Why I Became A Founding Member Of The Women’s Equality Party

This Sunday, whilst he was on the phone to me, a male friend of mine finally understood where women were coming from about equality. He didn’t realize it by thinking about female representation in politics, or the issues of women’s safety at night, or by the fact that women are still paid less then men on average for doing the same job.

He realized it by me talking to him, not about feminism, but about how if I was to publish a book, I would do a JK Rowling and publish it with my initials, so that readers would not make an assumption of whether the book was for them based on my gender.

In ten minutes, after we had discussed what books we had read as children and how we had decided what we would like, or how our parents had decided what we would like, based on the gender of the author, he had moved on to female directors, and, in an usual moment of clarity for him, he had said, “I wonder how I would feel if the majority of film directors were female. I’d feel pretty under-represented.”

From this, we agreed that in most things, it would be better to have an equal amount of men and women in order for the world to be fair. Having more of one than the other, either way, was a stupid and unfair way to do it. We pondered why it was this way in the first place for a while. And then we went back to talking more nonsense.

It is because of this idea about equality, and the misunderstanding of the issue, that I joined (with some encouragement from my friend Alice, who is more on the ball about these kind of things), the Women’s Equality Party last month. I am now one of their founding members, and whenever it is that I can vote for them, I will most definitely be voting.

The whole idea about equality for everybody has resided very deep inside my psyche for as long as I can remember. I am all for fairness, and all for everyone’s voice being heard, no matter what gender, race, sexual orientation, ability etc. My female friends and I are all of the same opinion, give or take, and that is simply that women should be as present in the world as men, with the same rights, the same abilities and opportunities, and the same level of safety in the world. It is only as I have grown older that I have been surprised to find out that a lot of people don’t feel the same. My aforementioned friend, for example, uses sexual slurs, doesn’t believe women have the same abilities as men, and thinks that men should have more power in certain issues. He thinks things are different because we are different, and that society wouldn’t work in any other way. But he is changing, albeit slowly.

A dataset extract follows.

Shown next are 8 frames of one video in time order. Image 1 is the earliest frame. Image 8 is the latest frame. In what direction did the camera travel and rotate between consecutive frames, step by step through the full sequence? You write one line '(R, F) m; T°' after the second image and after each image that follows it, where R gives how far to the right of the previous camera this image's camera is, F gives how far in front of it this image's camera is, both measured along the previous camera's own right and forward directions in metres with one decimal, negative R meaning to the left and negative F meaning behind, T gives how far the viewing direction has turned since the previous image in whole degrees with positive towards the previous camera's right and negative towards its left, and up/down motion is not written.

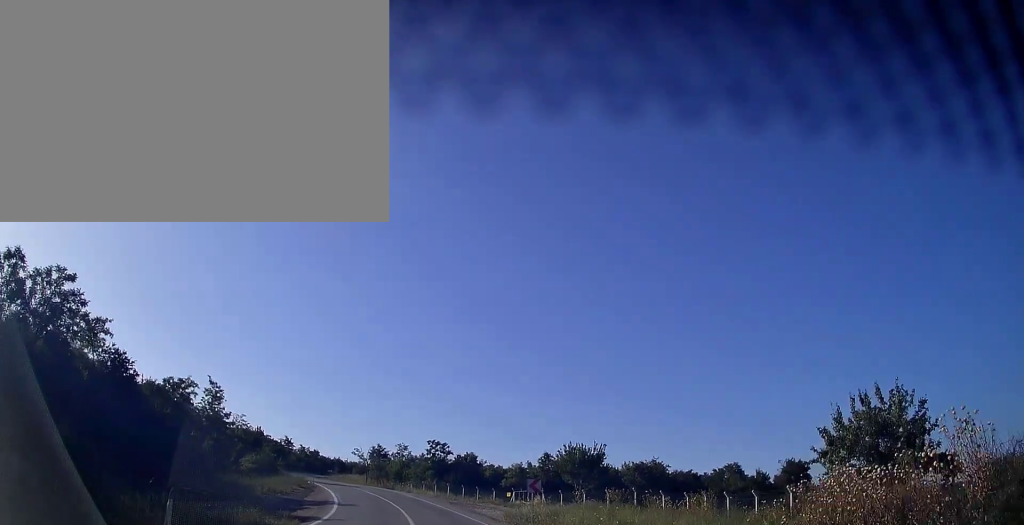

Only recently, in the last three years, have I considered myself a feminist, but now I am here I don’t see any way of going back. I didn’t think of myself as active, but hearing one of my female friends use the phase “careful what you say, there’s a feminist in the room”, in reference to me, has shown me that there is a way deeper problem then just not thinking women are equal to men. People are so uneducated and unaware about what the term “feminist” or “equality” actually means that they allow the situation to continue.

The Women’s Equality Party has set out it’s priorities so clearly that I fail to think how anyone can believe that it is purely a women’s party. Their policies are clearly driving for equality for everyone – and yes, that means men too. They want men’s voices to be heard too, because they recognize – unlike many feminist bashing friends I have, male and female – that patriarchy and misogyny effects men as much as it effects women. They aren’t all about women overpowering men. That’s not what a feminist is. They are about men and women being equal in life.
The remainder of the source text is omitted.